J Och1*, D Jordan2*, (1) Geisinger Medical Center, Danville, PA, (2) University Hospitals Case Medical Center, Shaker Heights, OH

WE-A-116-1 Wednesday 8:00AM - 8:55AM Room: 116

Medical physicists are accustomed to dealing with the possibility of biological harm to patients from procedures involving ionizing radiation, whether this is the possibility of erythema in a week or so, or an increased in the relative risk of cancer developing in a decade or two.

Accidents in MRI are more concrete. Their impact is immediate and catastrophic.

Still, the concept of safety in the MRI facility is not always well addressed or understood.

There is confusion about staffing, screening, construction, to name a few concerns.

In addition, there is a proliferation in the number of patients presenting for MRI who require clearance based on the presence of one or more implanted devices that may be relative contraindications for MRI. Management of these patients has historically been very conservative, based on limited information about the interactions of these devices with the MR environment. More recently, testing and characterization of both medical devices and MR magnets have improved, but in many cases, there remains a gap in understanding which devices are likely safe to scan in particular MR environments.

This session will review MRI safety considerations, with special emphasis on the recent ACR guidance document as well as the current state of MR safety labeling for conditional devices and common conditions of operation for commercially-available MR scanners.

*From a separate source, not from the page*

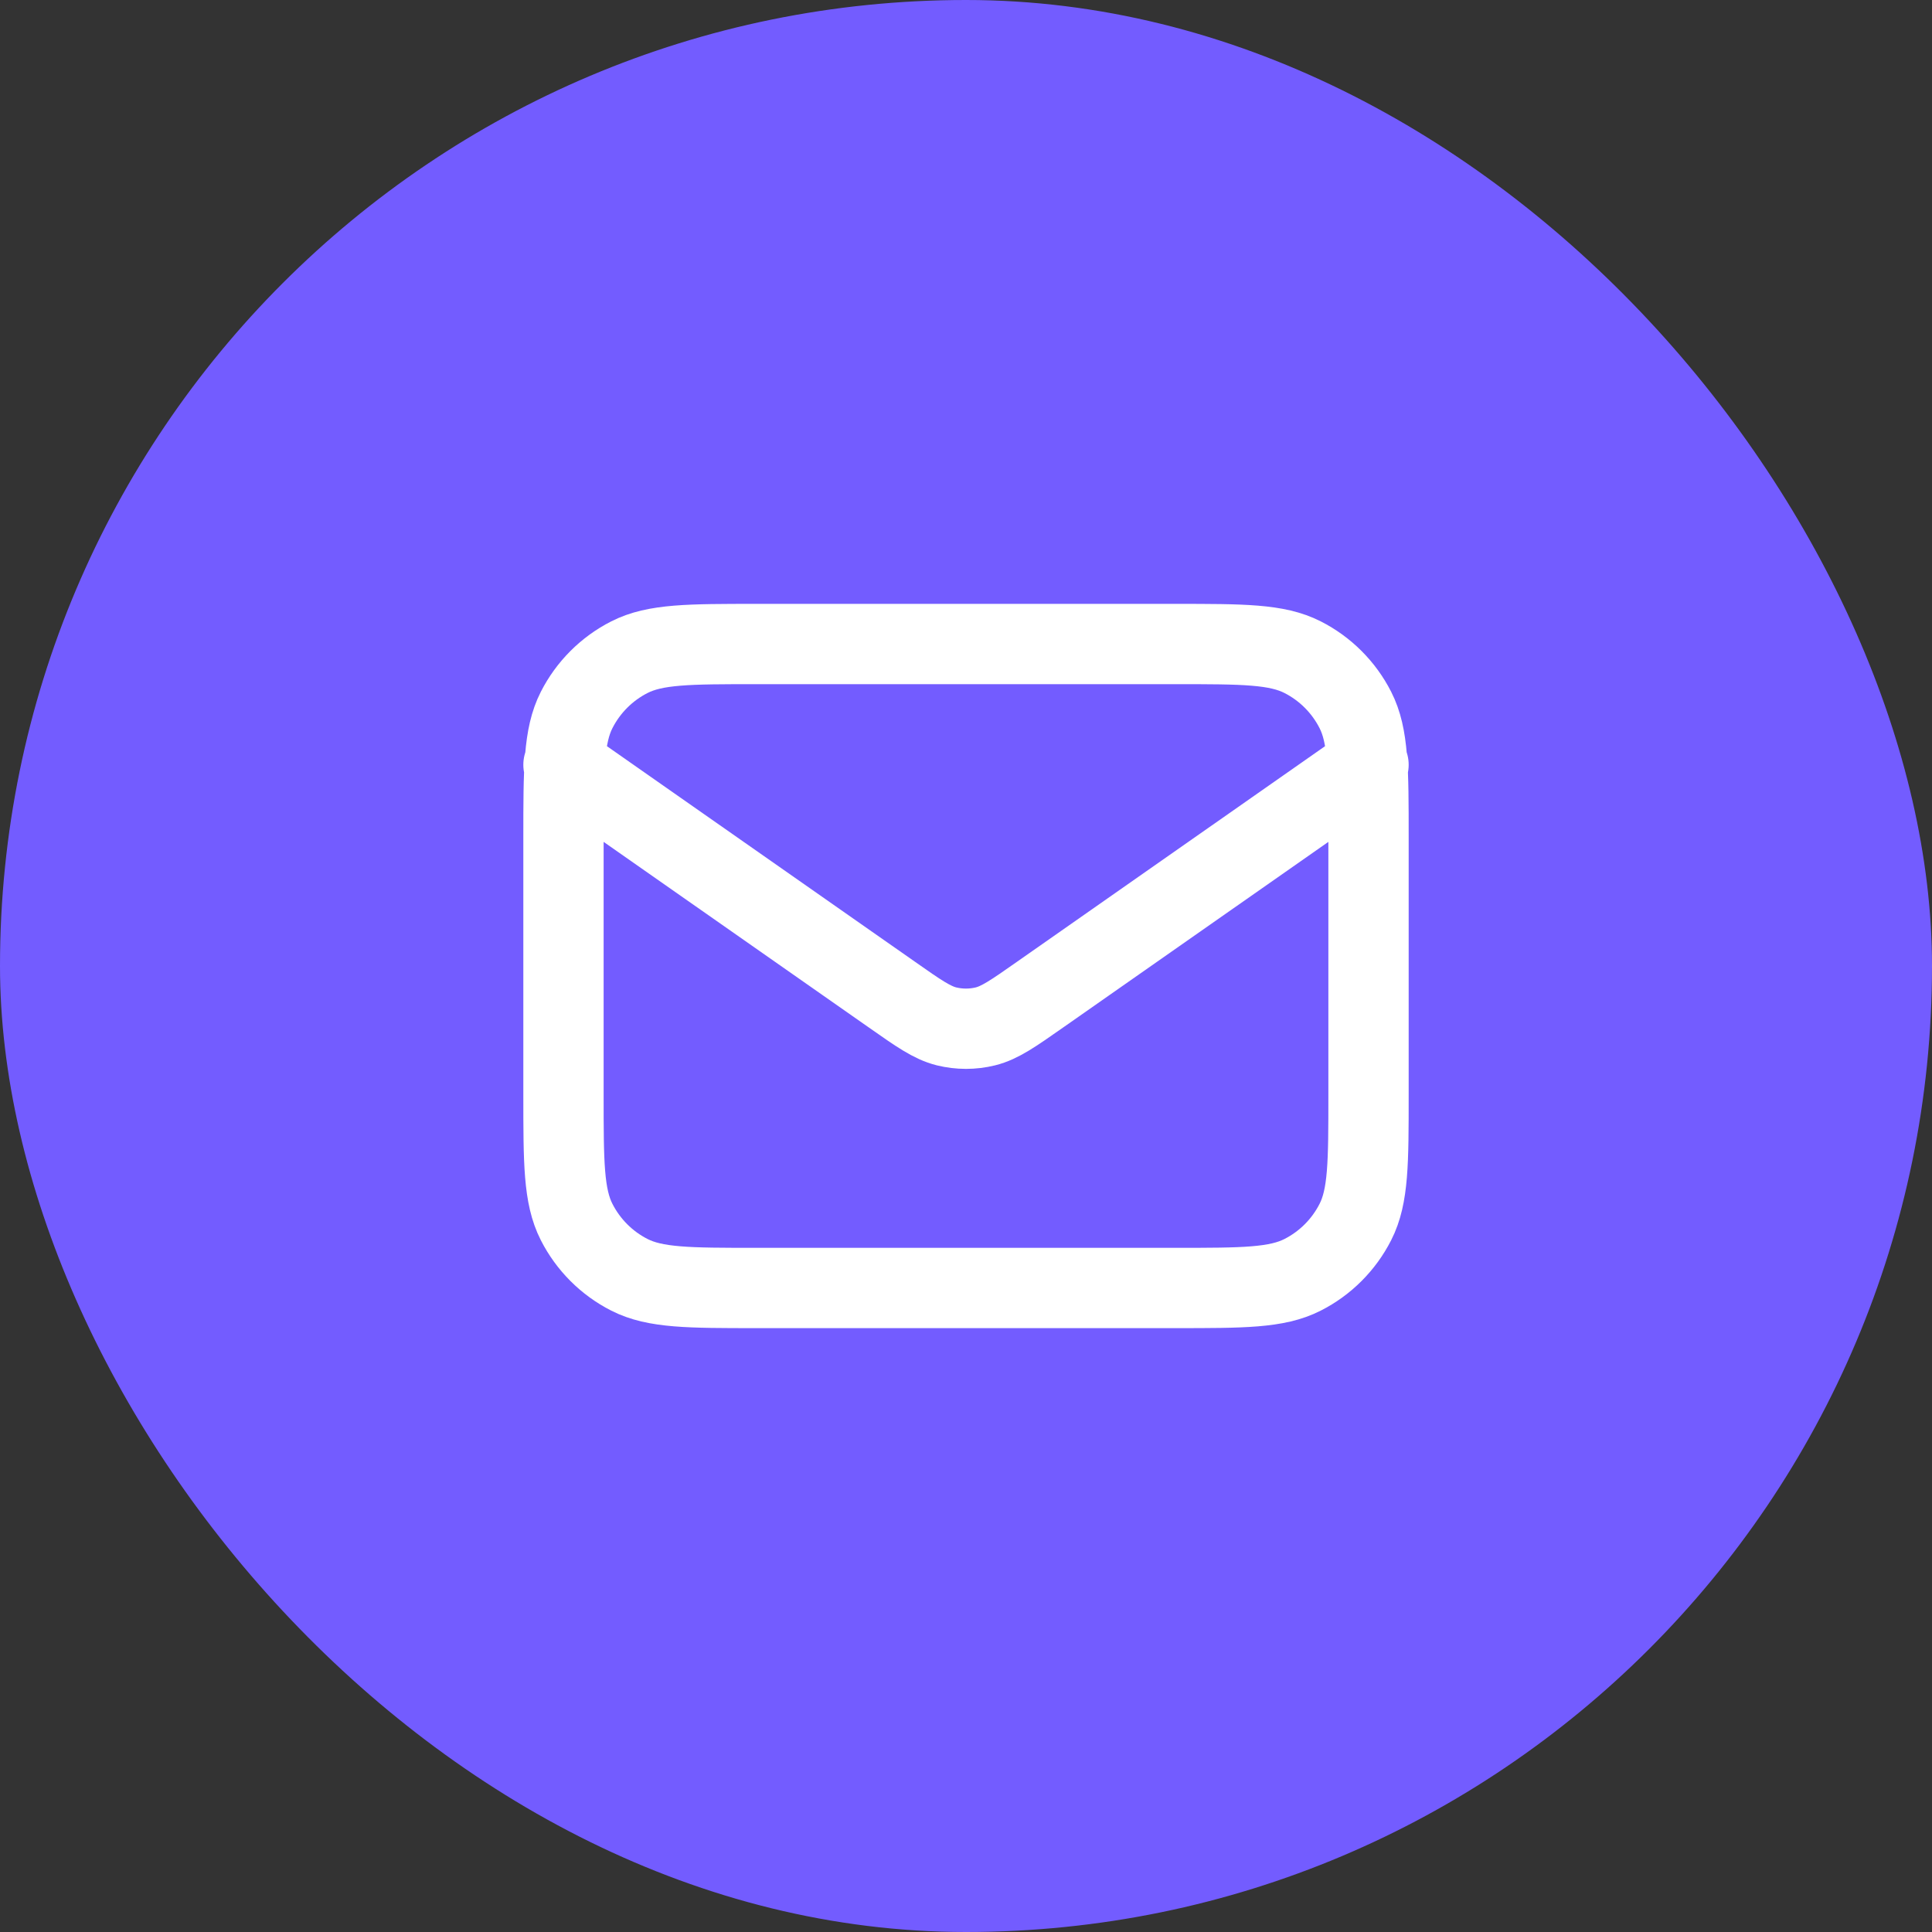 <svg width="32" height="32" viewBox="0 0 32 32" fill="none" xmlns="http://www.w3.org/2000/svg">
<rect x="0" y="0" width="32" height="32" fill="#333333" stroke="none"/>
<rect width="32" height="32" rx="16" fill="#735CFF"/>
<path d="M9.333 12.667L14.777 16.477C15.217 16.786 15.438 16.94 15.677 17C15.889 17.052 16.111 17.052 16.322 17C16.562 16.94 16.782 16.786 17.223 16.477L22.667 12.667M12.533 21.333H19.467C20.587 21.333 21.147 21.333 21.575 21.115C21.951 20.924 22.257 20.618 22.449 20.241C22.667 19.814 22.667 19.253 22.667 18.133V13.867C22.667 12.747 22.667 12.187 22.449 11.759C22.257 11.382 21.951 11.076 21.575 10.885C21.147 10.667 20.587 10.667 19.467 10.667H12.533C11.413 10.667 10.853 10.667 10.425 10.885C10.049 11.076 9.743 11.382 9.551 11.759C9.333 12.187 9.333 12.747 9.333 13.867V18.133C9.333 19.253 9.333 19.814 9.551 20.241C9.743 20.618 10.049 20.924 10.425 21.115C10.853 21.333 11.413 21.333 12.533 21.333Z" stroke="white" stroke-width="1.33" stroke-linecap="round" stroke-linejoin="round"/>
</svg>

The physicist should gain an understanding of the hazards which must be assessed and available resources.

Learning objectives:
1. Read and understand MRI conditional safety labeling for a typical medical device
2. Assess the specific physical conditions created by a given MRI scanner for comparison with the safety conditions
3. Advise physicians performing MRI of specific risks or concerns for patients with conditional implants that do not meet the safety conditions for a given scanner or study
4. Understand the 4 Zone concept and how to implement them.
5. Staffing concerns, including training and dealing with emergent situations.
6. Auditing of the MRI safety program.